> Task objective: Work out how many lines of the listing hold the string "evenodd". Answer with that number alone.

----

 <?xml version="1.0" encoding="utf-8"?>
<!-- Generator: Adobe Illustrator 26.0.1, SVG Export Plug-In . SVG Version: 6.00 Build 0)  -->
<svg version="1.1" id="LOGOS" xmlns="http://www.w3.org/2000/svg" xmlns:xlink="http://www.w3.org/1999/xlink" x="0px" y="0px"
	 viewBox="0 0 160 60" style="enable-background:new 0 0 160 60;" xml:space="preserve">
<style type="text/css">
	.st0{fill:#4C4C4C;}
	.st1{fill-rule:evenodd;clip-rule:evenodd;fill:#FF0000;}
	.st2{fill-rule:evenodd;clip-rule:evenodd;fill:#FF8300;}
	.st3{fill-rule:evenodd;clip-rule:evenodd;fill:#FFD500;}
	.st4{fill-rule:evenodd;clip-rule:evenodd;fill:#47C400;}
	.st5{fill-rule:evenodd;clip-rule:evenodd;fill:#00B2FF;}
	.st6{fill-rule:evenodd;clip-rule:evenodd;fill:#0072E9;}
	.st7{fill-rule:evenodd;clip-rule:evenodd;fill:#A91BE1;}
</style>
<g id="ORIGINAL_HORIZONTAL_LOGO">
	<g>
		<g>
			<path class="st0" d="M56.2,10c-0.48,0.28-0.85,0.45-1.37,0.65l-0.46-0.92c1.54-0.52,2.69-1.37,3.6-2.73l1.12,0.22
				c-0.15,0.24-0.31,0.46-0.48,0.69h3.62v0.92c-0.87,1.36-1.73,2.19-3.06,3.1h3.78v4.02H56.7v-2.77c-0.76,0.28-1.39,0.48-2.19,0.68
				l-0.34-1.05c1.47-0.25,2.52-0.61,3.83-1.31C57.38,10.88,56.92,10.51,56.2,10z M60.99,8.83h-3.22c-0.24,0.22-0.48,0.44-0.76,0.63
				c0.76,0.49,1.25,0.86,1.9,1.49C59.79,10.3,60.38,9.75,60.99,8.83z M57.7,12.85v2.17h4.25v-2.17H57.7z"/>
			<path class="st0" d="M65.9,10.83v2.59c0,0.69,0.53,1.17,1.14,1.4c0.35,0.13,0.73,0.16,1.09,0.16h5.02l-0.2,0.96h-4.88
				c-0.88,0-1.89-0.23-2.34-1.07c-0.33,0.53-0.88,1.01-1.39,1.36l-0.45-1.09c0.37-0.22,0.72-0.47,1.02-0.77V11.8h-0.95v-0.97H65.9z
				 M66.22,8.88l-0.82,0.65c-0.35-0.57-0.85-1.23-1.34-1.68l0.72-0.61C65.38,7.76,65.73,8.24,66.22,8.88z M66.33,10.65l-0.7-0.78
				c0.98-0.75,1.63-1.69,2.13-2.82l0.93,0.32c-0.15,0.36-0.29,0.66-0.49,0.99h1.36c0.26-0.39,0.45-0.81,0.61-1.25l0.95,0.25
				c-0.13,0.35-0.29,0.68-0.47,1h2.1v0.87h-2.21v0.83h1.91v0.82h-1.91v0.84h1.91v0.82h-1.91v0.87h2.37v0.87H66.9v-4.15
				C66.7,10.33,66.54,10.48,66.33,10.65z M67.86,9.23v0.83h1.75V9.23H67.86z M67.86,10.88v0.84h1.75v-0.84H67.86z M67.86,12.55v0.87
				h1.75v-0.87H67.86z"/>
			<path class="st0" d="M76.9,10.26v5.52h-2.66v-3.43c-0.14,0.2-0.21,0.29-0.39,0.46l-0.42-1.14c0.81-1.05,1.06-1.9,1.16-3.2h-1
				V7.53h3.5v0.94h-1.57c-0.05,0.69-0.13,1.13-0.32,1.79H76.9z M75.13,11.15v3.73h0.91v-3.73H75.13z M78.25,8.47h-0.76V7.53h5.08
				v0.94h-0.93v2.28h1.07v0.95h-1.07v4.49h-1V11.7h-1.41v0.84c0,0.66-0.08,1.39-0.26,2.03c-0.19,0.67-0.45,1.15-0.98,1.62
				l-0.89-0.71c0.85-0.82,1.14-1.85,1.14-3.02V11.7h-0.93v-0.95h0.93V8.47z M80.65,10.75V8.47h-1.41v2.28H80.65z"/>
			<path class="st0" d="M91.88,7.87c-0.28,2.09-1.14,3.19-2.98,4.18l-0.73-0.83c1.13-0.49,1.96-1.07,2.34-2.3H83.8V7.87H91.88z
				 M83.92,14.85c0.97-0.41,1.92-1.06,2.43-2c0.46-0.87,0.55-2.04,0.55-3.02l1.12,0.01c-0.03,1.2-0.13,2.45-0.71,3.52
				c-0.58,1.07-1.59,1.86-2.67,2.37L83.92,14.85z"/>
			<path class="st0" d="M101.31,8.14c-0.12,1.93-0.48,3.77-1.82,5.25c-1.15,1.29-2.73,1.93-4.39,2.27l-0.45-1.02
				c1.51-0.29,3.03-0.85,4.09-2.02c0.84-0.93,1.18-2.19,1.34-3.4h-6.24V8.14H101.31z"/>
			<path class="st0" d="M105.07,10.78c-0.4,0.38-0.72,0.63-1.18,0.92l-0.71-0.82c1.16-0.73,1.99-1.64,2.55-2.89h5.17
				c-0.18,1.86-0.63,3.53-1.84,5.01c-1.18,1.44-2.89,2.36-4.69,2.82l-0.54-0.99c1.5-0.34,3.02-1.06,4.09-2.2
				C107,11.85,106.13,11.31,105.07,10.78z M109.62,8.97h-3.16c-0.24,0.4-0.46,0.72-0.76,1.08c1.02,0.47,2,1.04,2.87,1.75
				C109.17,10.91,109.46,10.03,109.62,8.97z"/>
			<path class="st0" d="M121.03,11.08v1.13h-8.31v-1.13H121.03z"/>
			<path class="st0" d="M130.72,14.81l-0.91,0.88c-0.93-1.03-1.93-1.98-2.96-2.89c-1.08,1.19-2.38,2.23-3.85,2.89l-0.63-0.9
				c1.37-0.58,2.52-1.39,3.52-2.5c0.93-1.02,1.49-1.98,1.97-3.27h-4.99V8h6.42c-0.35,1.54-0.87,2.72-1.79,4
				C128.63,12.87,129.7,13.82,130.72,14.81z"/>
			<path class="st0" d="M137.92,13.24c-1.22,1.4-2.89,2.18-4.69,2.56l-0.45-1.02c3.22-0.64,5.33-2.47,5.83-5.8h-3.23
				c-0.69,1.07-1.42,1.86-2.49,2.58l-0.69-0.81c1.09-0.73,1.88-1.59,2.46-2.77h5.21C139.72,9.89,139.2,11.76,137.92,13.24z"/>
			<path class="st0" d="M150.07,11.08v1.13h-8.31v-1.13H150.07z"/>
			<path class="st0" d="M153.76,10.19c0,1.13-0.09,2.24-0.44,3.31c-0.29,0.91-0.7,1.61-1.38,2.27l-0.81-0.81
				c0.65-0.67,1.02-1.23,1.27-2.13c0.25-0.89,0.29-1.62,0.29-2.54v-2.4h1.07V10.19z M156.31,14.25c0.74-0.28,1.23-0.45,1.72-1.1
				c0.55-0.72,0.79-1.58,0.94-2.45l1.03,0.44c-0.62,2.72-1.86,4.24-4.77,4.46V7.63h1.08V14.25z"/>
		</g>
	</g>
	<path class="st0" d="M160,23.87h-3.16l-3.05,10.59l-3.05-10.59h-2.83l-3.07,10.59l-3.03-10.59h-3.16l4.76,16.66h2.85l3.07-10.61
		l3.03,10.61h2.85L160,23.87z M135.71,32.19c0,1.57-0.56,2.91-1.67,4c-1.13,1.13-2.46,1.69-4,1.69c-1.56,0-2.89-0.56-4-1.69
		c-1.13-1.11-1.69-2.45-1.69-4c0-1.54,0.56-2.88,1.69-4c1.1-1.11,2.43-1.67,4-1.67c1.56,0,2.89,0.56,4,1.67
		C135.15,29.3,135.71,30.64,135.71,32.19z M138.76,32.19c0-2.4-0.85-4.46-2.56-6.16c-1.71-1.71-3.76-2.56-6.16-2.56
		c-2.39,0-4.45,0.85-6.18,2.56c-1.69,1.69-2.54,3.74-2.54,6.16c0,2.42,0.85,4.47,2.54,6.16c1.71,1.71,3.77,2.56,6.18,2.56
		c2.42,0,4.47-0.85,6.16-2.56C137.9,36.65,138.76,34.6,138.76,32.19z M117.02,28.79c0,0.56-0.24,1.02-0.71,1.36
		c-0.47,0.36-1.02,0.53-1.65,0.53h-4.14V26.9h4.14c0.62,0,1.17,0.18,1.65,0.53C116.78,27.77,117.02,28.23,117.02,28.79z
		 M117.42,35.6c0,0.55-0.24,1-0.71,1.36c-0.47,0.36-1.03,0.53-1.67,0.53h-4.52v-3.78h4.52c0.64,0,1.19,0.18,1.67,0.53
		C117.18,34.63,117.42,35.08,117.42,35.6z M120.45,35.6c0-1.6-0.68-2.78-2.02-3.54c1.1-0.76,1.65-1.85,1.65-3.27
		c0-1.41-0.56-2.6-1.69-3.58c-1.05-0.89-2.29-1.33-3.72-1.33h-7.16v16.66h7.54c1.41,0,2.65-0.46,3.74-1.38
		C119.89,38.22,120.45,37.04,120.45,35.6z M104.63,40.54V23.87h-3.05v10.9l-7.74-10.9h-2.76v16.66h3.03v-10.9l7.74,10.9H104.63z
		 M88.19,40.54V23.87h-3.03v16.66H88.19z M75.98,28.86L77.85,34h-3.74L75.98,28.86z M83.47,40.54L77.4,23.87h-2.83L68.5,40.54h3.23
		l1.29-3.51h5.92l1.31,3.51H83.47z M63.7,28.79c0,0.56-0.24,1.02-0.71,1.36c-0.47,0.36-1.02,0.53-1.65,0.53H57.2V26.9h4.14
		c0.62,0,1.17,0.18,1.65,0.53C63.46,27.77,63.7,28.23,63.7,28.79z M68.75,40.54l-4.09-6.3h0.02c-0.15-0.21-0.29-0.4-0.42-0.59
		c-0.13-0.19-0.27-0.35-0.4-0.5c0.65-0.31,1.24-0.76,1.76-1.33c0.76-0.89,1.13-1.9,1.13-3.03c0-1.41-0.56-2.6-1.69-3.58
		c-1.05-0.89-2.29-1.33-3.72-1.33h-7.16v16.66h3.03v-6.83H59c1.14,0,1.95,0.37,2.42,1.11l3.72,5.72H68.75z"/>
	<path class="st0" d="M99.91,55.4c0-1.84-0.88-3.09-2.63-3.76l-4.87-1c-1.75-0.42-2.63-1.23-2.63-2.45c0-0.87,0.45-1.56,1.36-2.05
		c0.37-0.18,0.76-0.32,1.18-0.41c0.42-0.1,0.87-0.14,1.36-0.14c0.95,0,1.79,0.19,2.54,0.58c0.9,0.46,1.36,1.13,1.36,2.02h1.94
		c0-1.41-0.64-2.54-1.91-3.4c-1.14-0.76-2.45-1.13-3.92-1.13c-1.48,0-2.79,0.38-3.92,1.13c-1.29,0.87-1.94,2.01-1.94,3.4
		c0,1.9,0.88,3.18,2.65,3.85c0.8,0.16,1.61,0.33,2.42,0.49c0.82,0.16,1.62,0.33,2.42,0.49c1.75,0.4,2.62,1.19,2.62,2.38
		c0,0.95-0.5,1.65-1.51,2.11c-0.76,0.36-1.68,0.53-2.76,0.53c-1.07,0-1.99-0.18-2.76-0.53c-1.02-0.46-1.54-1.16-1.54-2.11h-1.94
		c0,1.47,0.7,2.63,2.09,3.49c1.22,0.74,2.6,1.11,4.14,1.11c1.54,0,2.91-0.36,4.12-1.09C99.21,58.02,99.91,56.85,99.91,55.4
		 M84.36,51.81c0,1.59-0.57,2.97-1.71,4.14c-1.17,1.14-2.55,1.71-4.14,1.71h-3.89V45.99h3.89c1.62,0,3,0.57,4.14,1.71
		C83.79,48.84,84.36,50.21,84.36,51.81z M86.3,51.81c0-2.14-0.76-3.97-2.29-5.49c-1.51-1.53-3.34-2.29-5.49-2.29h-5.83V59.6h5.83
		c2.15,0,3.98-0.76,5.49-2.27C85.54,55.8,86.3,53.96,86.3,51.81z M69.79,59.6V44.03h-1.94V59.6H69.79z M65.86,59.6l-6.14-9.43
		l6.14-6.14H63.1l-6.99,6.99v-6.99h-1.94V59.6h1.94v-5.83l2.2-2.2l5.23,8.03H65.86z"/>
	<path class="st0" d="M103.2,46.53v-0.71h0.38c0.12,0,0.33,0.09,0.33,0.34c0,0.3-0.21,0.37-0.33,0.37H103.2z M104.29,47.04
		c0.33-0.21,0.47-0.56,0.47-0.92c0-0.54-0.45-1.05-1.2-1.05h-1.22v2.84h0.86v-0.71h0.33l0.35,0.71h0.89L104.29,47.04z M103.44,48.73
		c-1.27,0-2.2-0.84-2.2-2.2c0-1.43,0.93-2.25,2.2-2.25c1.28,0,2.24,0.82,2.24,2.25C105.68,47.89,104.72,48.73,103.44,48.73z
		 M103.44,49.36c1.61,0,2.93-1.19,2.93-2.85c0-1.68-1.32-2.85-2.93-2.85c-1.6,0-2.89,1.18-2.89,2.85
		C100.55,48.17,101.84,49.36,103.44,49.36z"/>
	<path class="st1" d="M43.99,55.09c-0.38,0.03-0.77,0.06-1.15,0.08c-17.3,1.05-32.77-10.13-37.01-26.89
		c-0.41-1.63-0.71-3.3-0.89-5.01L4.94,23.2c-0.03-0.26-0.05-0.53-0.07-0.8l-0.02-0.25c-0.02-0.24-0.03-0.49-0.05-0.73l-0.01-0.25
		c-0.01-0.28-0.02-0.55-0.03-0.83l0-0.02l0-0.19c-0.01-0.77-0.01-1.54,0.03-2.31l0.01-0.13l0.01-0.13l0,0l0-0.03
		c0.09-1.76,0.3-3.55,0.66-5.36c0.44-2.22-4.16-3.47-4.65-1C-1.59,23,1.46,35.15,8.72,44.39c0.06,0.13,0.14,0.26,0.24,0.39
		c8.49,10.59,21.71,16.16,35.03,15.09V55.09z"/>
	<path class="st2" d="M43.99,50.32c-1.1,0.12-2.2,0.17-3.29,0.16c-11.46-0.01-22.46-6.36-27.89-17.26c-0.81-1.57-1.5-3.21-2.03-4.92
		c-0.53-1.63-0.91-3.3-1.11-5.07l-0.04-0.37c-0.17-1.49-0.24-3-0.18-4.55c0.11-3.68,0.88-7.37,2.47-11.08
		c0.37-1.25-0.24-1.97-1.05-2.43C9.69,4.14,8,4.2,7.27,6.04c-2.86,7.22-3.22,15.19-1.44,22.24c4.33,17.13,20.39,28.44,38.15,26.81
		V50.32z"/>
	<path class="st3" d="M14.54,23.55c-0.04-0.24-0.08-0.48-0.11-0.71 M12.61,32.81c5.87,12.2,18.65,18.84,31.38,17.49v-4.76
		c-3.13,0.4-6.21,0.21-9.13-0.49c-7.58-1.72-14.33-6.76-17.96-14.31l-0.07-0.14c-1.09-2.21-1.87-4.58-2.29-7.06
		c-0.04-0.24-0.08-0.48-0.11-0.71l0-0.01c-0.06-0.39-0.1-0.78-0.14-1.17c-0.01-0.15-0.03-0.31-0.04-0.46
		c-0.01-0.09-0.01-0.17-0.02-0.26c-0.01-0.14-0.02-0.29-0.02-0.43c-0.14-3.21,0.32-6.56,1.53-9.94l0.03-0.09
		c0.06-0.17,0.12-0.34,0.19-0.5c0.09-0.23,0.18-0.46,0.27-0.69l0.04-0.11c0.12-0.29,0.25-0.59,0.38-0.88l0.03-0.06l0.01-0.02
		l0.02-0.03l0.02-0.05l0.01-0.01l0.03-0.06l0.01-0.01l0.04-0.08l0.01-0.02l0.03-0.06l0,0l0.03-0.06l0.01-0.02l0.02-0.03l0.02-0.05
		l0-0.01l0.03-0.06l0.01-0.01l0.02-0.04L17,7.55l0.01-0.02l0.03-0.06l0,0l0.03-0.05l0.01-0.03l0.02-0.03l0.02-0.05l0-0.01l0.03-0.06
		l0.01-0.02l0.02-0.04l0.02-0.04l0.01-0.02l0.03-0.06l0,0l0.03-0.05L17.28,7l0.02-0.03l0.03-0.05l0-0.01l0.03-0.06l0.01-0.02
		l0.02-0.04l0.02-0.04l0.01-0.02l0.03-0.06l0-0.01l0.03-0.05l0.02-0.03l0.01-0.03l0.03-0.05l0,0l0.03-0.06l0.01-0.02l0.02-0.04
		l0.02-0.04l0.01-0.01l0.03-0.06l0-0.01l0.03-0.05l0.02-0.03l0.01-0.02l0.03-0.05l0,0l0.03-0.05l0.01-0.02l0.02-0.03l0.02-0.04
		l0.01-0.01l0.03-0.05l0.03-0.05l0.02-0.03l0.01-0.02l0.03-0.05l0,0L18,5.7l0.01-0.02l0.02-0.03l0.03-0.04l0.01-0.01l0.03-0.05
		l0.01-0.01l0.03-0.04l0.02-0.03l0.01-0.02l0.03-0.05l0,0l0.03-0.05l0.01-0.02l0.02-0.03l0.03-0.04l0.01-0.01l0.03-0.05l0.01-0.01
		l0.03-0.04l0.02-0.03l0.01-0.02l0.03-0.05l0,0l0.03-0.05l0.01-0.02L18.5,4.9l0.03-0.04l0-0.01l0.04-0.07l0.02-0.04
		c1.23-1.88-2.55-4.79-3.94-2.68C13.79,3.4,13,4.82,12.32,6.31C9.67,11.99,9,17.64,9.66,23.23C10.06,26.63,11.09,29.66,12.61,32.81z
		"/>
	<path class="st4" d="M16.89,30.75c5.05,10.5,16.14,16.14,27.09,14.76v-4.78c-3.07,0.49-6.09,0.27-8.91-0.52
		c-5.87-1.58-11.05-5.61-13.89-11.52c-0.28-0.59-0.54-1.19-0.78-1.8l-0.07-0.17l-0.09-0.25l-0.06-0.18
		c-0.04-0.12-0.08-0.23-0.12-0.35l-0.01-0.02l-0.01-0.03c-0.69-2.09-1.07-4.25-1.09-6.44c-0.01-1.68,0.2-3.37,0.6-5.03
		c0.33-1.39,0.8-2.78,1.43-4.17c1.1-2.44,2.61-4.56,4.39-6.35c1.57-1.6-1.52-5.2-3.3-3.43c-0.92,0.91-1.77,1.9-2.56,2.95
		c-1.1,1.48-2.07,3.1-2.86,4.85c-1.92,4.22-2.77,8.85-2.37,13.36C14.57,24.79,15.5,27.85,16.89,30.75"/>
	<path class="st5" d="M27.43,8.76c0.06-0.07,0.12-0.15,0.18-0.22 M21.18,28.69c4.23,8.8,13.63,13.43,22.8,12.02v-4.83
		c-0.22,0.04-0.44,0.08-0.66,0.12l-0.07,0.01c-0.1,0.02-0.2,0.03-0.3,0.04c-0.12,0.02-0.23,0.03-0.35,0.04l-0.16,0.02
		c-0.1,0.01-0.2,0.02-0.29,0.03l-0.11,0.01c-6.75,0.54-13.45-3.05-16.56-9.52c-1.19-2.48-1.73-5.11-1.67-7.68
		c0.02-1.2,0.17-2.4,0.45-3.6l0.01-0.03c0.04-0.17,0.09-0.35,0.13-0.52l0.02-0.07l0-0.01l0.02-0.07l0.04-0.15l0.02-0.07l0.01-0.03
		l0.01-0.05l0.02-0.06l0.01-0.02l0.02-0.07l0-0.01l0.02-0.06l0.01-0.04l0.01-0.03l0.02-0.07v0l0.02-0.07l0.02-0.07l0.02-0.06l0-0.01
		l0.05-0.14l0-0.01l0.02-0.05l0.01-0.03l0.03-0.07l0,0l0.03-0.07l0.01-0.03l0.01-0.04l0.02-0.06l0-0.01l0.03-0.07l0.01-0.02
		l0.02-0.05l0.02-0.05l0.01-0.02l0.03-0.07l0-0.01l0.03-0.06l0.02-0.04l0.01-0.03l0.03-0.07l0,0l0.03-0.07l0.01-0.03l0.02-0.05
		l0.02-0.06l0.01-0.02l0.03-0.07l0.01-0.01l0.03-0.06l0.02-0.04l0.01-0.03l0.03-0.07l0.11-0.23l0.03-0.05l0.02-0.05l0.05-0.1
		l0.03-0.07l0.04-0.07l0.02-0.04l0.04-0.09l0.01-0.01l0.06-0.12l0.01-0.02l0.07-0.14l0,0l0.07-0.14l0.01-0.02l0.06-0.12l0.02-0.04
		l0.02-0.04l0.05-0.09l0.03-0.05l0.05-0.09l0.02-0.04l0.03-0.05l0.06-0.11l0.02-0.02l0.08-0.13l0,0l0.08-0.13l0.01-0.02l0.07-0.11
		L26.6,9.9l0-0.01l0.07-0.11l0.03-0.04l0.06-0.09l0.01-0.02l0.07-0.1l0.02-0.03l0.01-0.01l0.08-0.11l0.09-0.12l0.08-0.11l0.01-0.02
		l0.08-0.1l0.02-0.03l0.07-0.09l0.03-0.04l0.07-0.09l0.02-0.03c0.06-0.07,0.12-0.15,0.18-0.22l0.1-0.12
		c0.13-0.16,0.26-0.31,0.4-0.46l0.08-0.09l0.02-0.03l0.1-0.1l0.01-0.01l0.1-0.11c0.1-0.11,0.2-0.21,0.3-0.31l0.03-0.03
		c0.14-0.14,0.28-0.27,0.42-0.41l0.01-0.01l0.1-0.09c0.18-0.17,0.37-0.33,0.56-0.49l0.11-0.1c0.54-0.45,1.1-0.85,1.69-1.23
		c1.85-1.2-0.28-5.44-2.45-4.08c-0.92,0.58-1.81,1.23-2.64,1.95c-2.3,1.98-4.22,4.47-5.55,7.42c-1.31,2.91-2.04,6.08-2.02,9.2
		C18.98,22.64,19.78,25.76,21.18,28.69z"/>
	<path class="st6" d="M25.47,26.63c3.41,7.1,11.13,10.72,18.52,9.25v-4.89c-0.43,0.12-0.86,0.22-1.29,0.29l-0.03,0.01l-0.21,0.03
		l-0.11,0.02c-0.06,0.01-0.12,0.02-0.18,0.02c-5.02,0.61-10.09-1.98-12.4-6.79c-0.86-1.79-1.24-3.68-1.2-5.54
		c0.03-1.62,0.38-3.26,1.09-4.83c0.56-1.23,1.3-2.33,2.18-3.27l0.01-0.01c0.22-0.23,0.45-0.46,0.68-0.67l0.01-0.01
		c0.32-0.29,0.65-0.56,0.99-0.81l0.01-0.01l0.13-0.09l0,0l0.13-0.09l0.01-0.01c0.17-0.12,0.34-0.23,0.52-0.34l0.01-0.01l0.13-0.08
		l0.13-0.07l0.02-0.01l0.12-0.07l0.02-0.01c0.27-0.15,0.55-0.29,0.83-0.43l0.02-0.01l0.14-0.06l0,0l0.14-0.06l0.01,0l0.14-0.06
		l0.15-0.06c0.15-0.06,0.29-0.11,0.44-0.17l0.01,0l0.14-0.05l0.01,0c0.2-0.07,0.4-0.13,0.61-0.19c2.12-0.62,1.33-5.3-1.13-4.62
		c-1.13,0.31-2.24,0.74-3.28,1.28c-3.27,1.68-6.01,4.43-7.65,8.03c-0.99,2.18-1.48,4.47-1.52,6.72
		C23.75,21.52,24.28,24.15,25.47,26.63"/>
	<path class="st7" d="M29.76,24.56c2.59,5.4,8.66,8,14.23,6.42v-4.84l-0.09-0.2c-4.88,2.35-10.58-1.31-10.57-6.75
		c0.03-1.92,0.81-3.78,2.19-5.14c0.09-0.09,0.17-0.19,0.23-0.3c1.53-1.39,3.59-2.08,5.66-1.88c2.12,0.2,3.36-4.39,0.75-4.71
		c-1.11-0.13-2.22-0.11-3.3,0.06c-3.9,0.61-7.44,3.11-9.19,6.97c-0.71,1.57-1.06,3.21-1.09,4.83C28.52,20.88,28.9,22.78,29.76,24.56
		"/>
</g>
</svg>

----

> Task response: 7